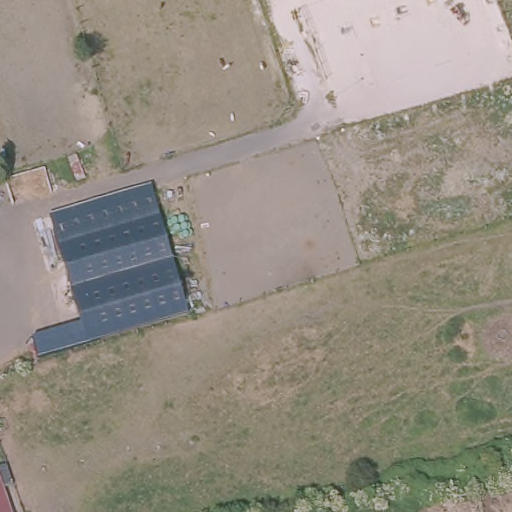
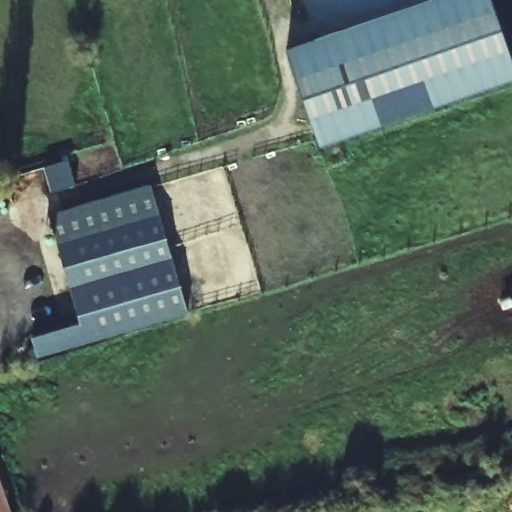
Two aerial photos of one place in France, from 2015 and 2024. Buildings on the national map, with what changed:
new [(286,49),(428,0),(493,0),(512,58),(512,79),(319,145),(286,49)]
unchanged [(153,184),(189,315),(38,357),(33,335),(79,321),(49,214),(153,184)]
unchanged [(13,482),(3,486),(13,512),(0,512),(0,461),(4,460),(13,482)]

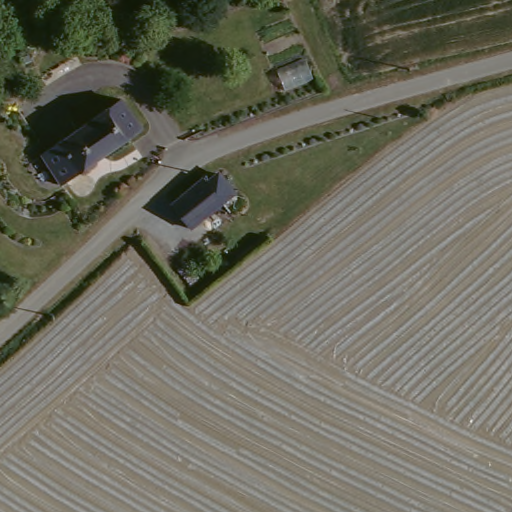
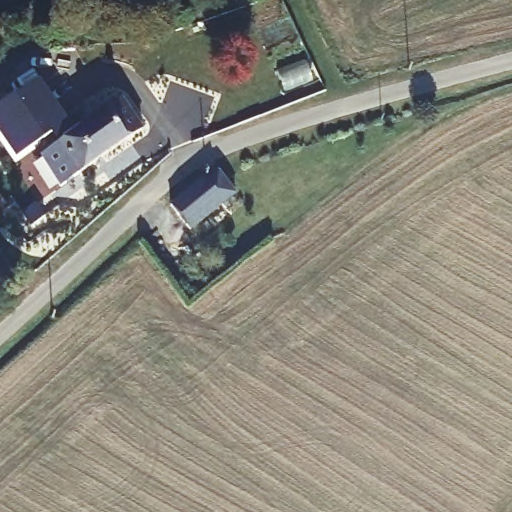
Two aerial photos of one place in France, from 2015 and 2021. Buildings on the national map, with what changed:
new [(56,141),(50,132),(16,156),(0,133),(0,104),(14,95),(16,98),(39,80),(72,130),(56,141)]
unchanged [(146,124),(97,159),(66,178),(45,149),(75,128),(124,93),(146,124)]
unchanged [(222,208),(189,234),(168,207),(171,206),(200,182),(201,181),(201,180),(222,208)]

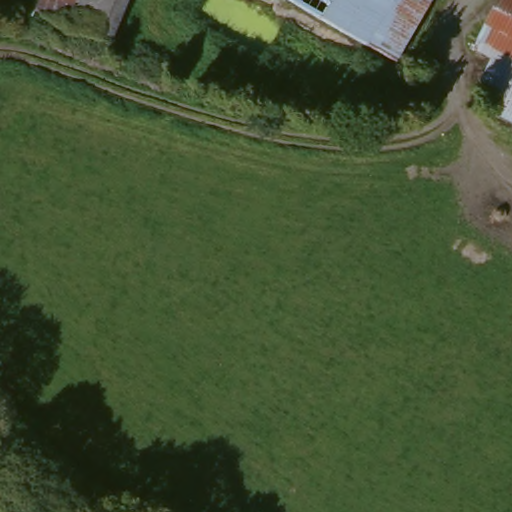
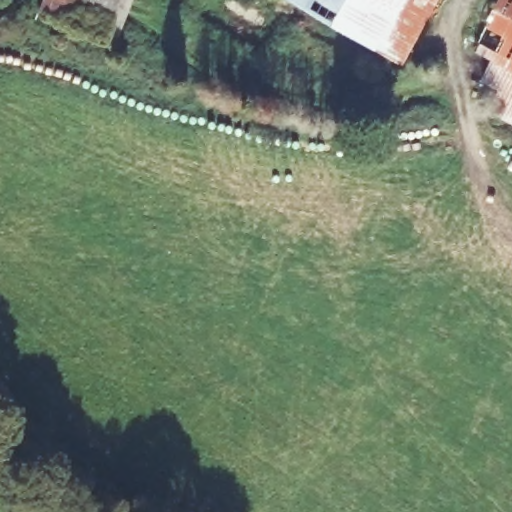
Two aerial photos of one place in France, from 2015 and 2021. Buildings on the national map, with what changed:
unchanged [(111,50),(36,16),(42,0),(132,0),(111,50)]
unchanged [(401,67),(287,0),(438,0),(401,67)]
unchanged [(506,0),(512,0),(512,39),(490,27),(506,0)]
unchanged [(490,27),(512,39),(512,120),(496,110),(504,97),(491,90),(501,67),(476,53),(490,27)]

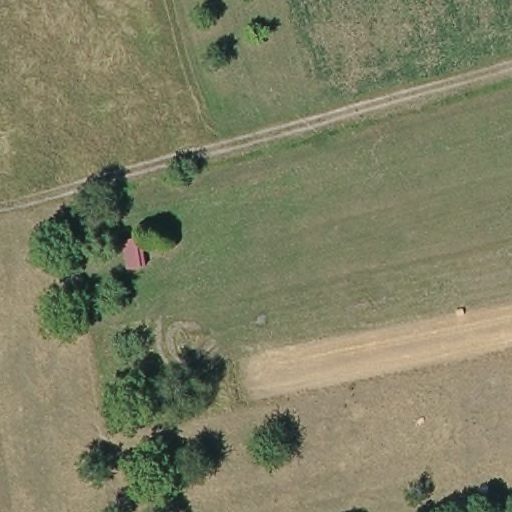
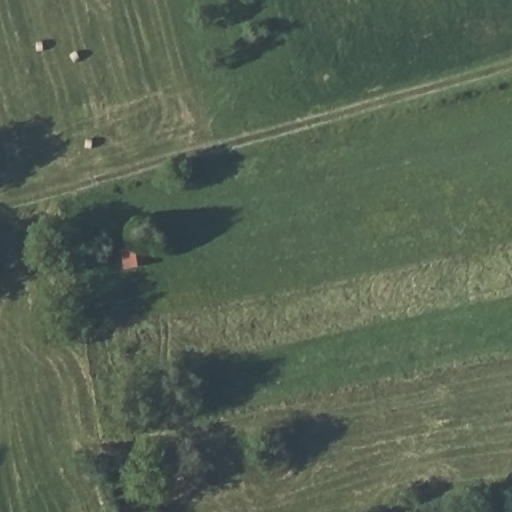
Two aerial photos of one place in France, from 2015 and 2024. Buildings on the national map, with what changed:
unchanged [(142,272),(120,274),(116,242),(137,239),(142,272)]

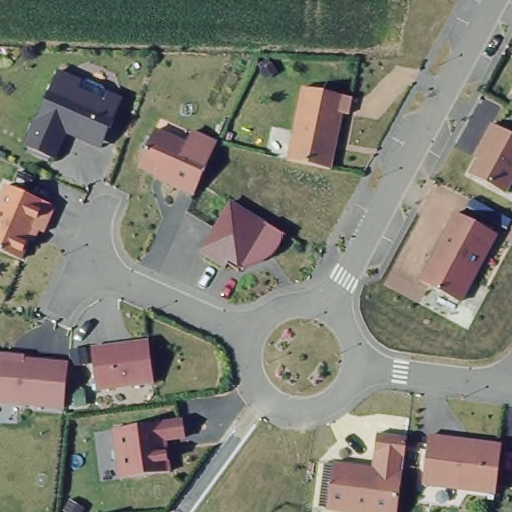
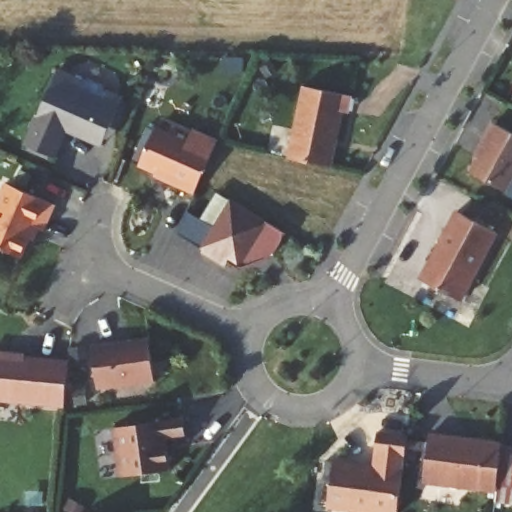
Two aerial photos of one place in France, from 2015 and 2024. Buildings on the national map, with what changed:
unchanged [(107,145),(97,141),(70,130),(58,157),(30,145),(62,70),(87,80),(93,78),(110,85),(111,89),(128,96),(122,109),(115,125),(111,135),(107,145)]
unchanged [(288,161),(286,161),(302,88),(352,100),(348,116),(342,115),(329,171),(288,161)]
unchanged [(468,175),(487,144),(485,142),(495,127),(512,138),(512,181),(502,197),(468,175)]
unchanged [(163,182),(164,180),(137,168),(154,131),(185,145),(191,134),(215,145),(193,196),(163,182)]
unchanged [(42,230),(33,226),(20,257),(0,249),(0,196),(6,182),(55,204),(42,230)]
unchanged [(265,221),(266,220),(283,230),(282,234),(280,239),(277,244),(274,247),(270,251),(266,255),(262,257),(255,260),(250,262),(244,265),(242,265),(240,264),(238,267),(227,261),(225,265),(201,251),(203,247),(202,246),(228,200),(265,221)]
unchanged [(492,237),(455,305),(415,283),(453,215),(492,237)]
unchanged [(93,347),(151,340),(156,381),(155,381),(98,388),(93,347)]
unchanged [(0,351),(27,353),(27,356),(70,361),(65,406),(0,400),(0,351)]
unchanged [(185,437),(165,440),(170,472),(121,478),(115,428),(183,420),(185,437)]
unchanged [(397,512),(327,512),(331,471),(372,475),(377,467),(377,457),(372,457),(375,437),(405,441),(397,512)]
unchanged [(420,487),(426,440),(445,441),(444,445),(463,447),(464,444),(500,448),(493,496),(420,487)]

# [ABOUT THIS TASK]
Leave out the pictures, and give all the records again exactly.

# [ANSWER TO THIS PROBLEM]
Two aerial photos of one place in France, from 2015 and 2024. Buildings on the national map, with what changed:
new [(286,49),(428,0),(493,0),(512,58),(512,79),(319,145),(286,49)]
unchanged [(153,184),(189,315),(38,357),(33,335),(79,321),(49,214),(153,184)]
unchanged [(13,482),(3,486),(13,512),(0,512),(0,461),(4,460),(13,482)]

Two aerial photos of one place in France, from 2015 and 2021. Buildings on the national map, with what changed:
new [(56,141),(50,132),(16,156),(0,133),(0,104),(14,95),(16,98),(39,80),(72,130),(56,141)]
unchanged [(146,124),(97,159),(66,178),(45,149),(75,128),(124,93),(146,124)]
unchanged [(222,208),(189,234),(168,207),(171,206),(200,182),(201,181),(201,180),(222,208)]

Two aerial photos of one place in France, from 2015 and 2021. Buildings on the national map, with what changed:
unchanged [(111,50),(36,16),(42,0),(132,0),(111,50)]
unchanged [(401,67),(287,0),(438,0),(401,67)]
unchanged [(506,0),(512,0),(512,39),(490,27),(506,0)]
unchanged [(490,27),(512,39),(512,120),(496,110),(504,97),(491,90),(501,67),(476,53),(490,27)]

Two aerial photos of one place in France, from 2015 and 2024. Buildings on the national map, with what changed:
unchanged [(142,272),(120,274),(116,242),(137,239),(142,272)]

Two aerial photos of one place in France, from 2015 and 2024. Buildings on the national map, with what changed:
unchanged [(107,145),(97,141),(70,130),(58,157),(30,145),(62,70),(87,80),(93,78),(110,85),(111,89),(128,96),(122,109),(115,125),(111,135),(107,145)]
unchanged [(288,161),(286,161),(302,88),(352,100),(348,116),(342,115),(329,171),(288,161)]
unchanged [(468,175),(487,144),(485,142),(495,127),(512,138),(512,181),(502,197),(468,175)]
unchanged [(163,182),(164,180),(137,168),(154,131),(185,145),(191,134),(215,145),(193,196),(163,182)]
unchanged [(42,230),(33,226),(20,257),(0,249),(0,196),(6,182),(55,204),(42,230)]
unchanged [(265,221),(266,220),(283,230),(282,234),(280,239),(277,244),(274,247),(270,251),(266,255),(262,257),(255,260),(250,262),(244,265),(242,265),(240,264),(238,267),(227,261),(225,265),(201,251),(203,247),(202,246),(228,200),(265,221)]
unchanged [(492,237),(455,305),(415,283),(453,215),(492,237)]
unchanged [(93,347),(151,340),(156,381),(155,381),(98,388),(93,347)]
unchanged [(0,351),(27,353),(27,356),(70,361),(65,406),(0,400),(0,351)]
unchanged [(185,437),(165,440),(170,472),(121,478),(115,428),(183,420),(185,437)]
unchanged [(397,512),(327,512),(331,471),(372,475),(377,467),(377,457),(372,457),(375,437),(405,441),(397,512)]
unchanged [(420,487),(426,440),(445,441),(444,445),(463,447),(464,444),(500,448),(493,496),(420,487)]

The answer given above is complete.